● **WORK INSTRUCTION**: Transcribe every entry that follows exactly, omitting all pictures.

════

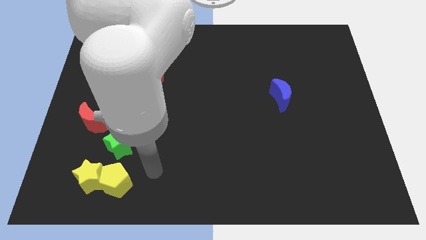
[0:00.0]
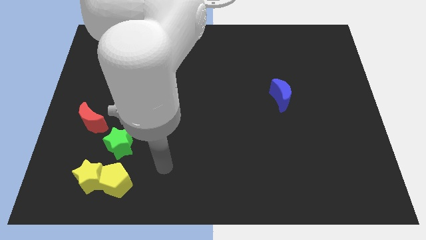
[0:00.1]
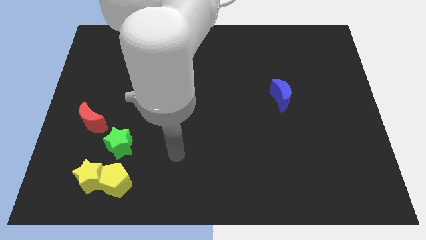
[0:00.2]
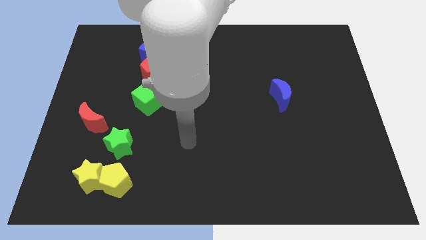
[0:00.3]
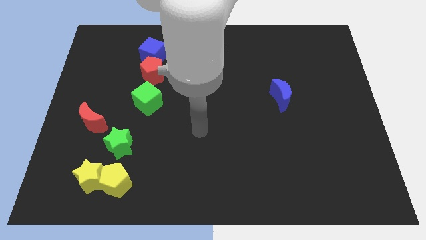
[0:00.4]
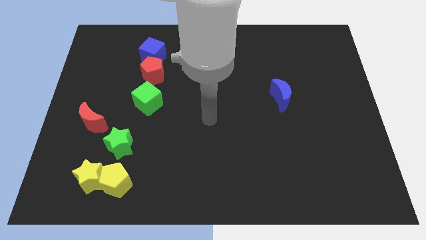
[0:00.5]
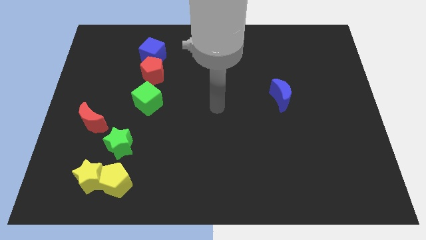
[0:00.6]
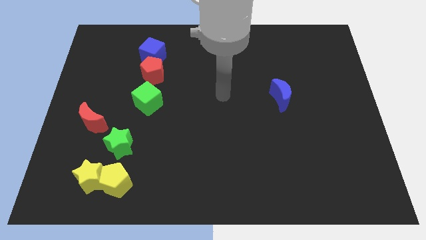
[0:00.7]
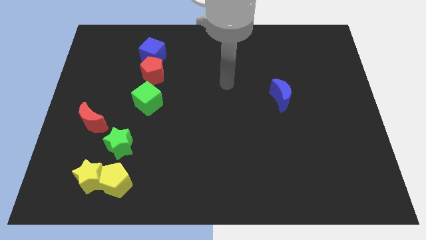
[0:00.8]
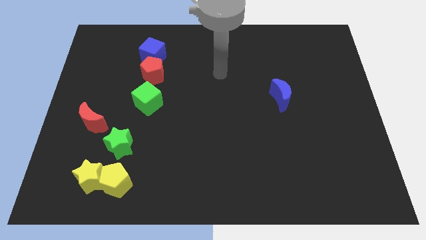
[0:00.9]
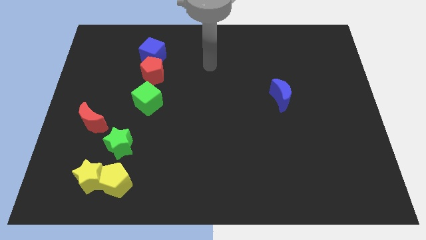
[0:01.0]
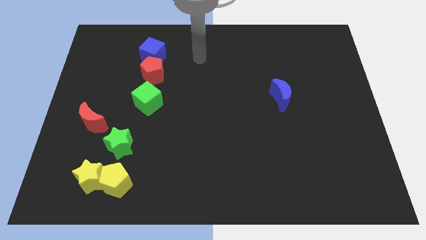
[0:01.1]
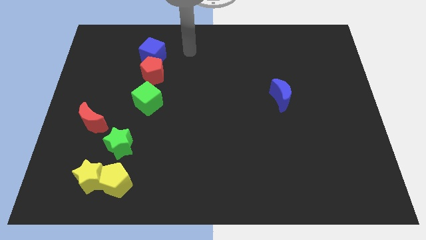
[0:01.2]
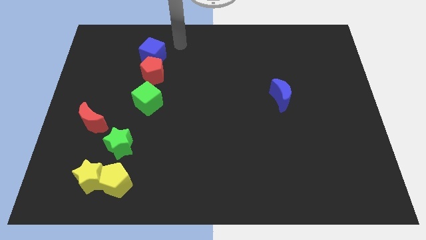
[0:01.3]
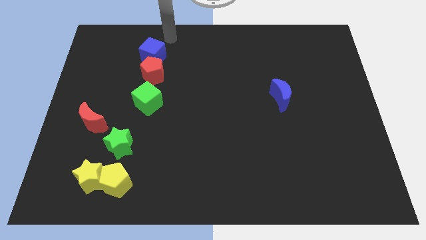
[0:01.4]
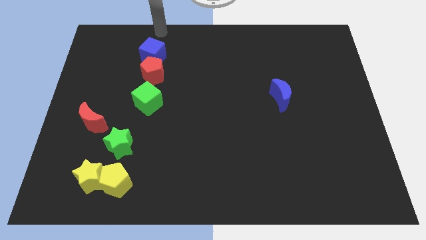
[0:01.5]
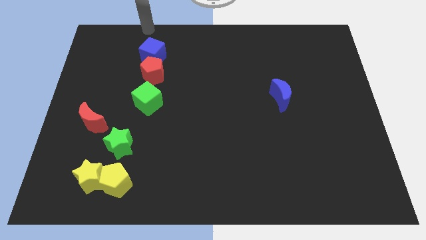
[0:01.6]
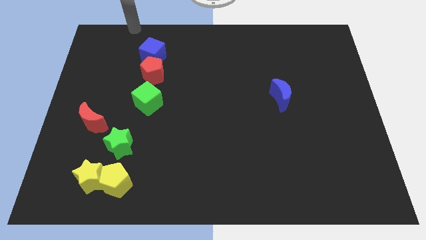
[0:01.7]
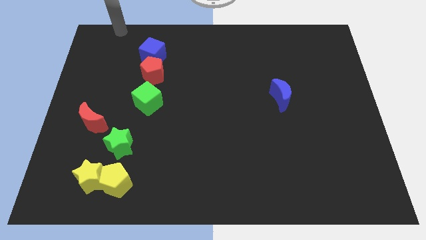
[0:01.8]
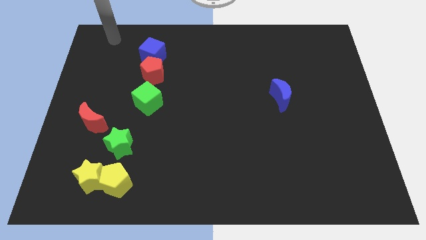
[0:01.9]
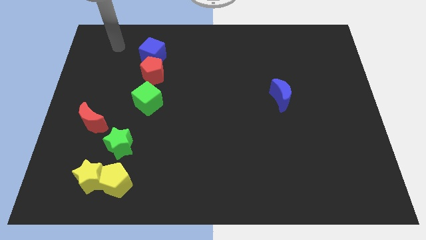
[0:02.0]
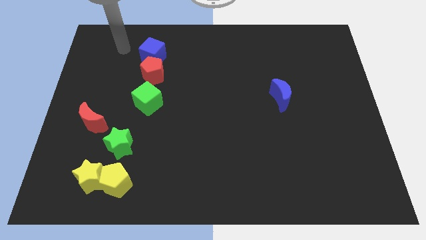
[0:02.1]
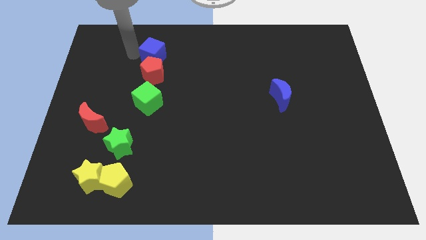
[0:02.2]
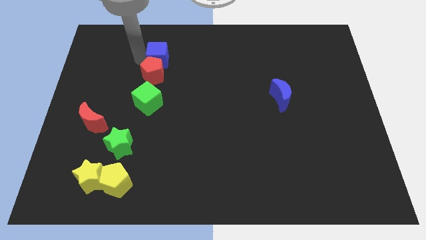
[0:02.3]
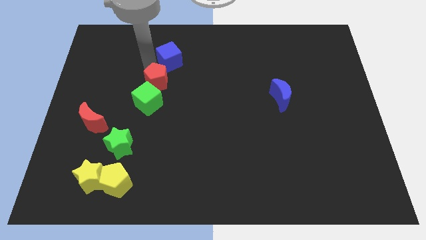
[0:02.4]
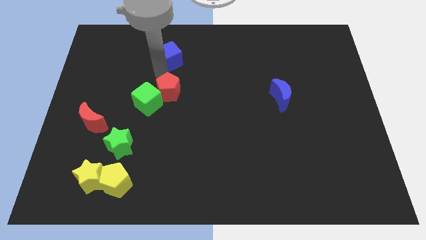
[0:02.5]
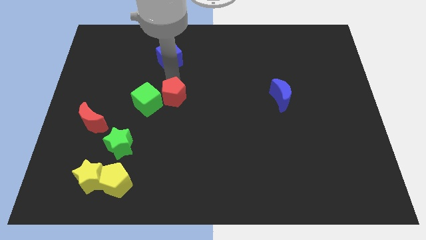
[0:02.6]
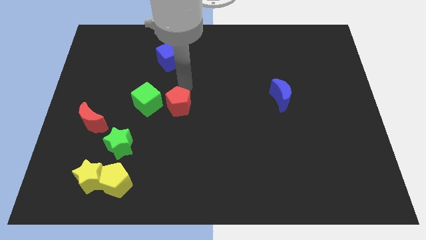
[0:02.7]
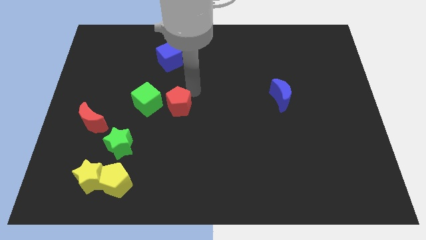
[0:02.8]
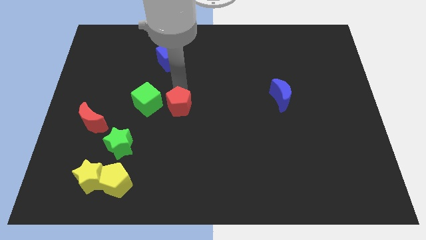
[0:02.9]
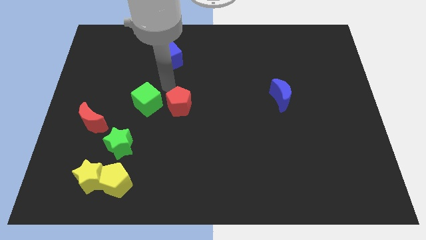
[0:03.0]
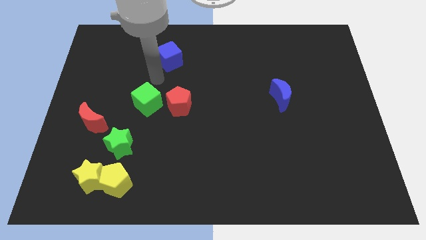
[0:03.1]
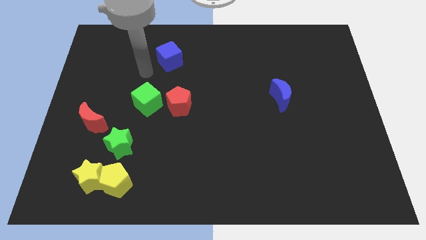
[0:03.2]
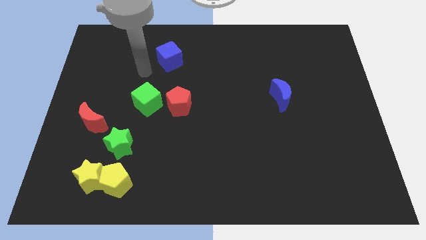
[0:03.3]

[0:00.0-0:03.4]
place the red pentagon right to the green cube

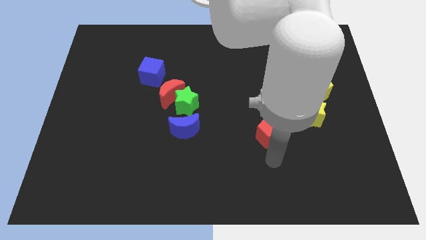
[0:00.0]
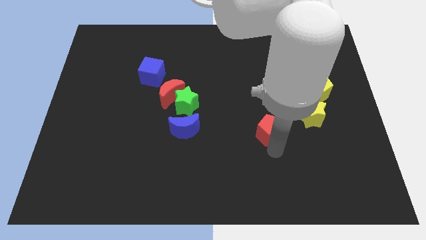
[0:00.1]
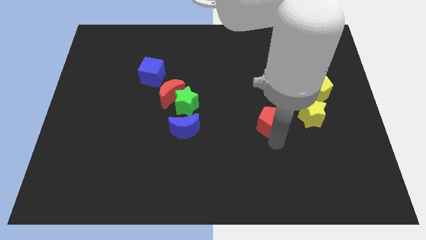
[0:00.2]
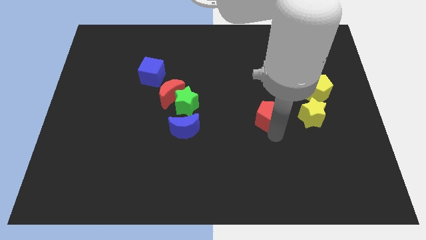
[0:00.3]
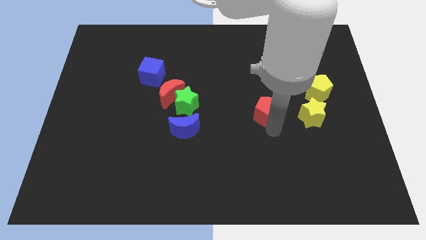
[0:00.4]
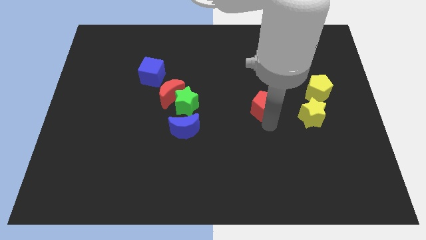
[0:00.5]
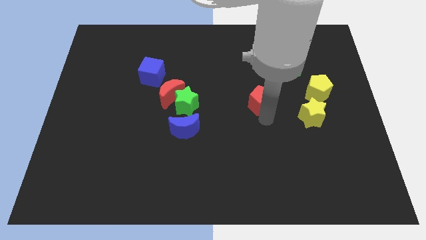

════

● **OUTPUT FOR THIS TASK**:
[0:00.0]
[0:00.1]
[0:00.2]
[0:00.3]
[0:00.4]
[0:00.5]
[0:00.6]
[0:00.7]
[0:00.8]
[0:00.9]
[0:01.0]
[0:01.1]
[0:01.2]
[0:01.3]
[0:01.4]
[0:01.5]
[0:01.6]
[0:01.7]
[0:01.8]
[0:01.9]
[0:02.0]
[0:02.1]
[0:02.2]
[0:02.3]
[0:02.4]
[0:02.5]
[0:02.6]
[0:02.7]
[0:02.8]
[0:02.9]
[0:03.0]
[0:03.1]
[0:03.2]
[0:03.3]

[0:00.0-0:03.4]
place the red pentagon right to the green cube

[0:00.0]
[0:00.1]
[0:00.2]
[0:00.3]
[0:00.4]
[0:00.5]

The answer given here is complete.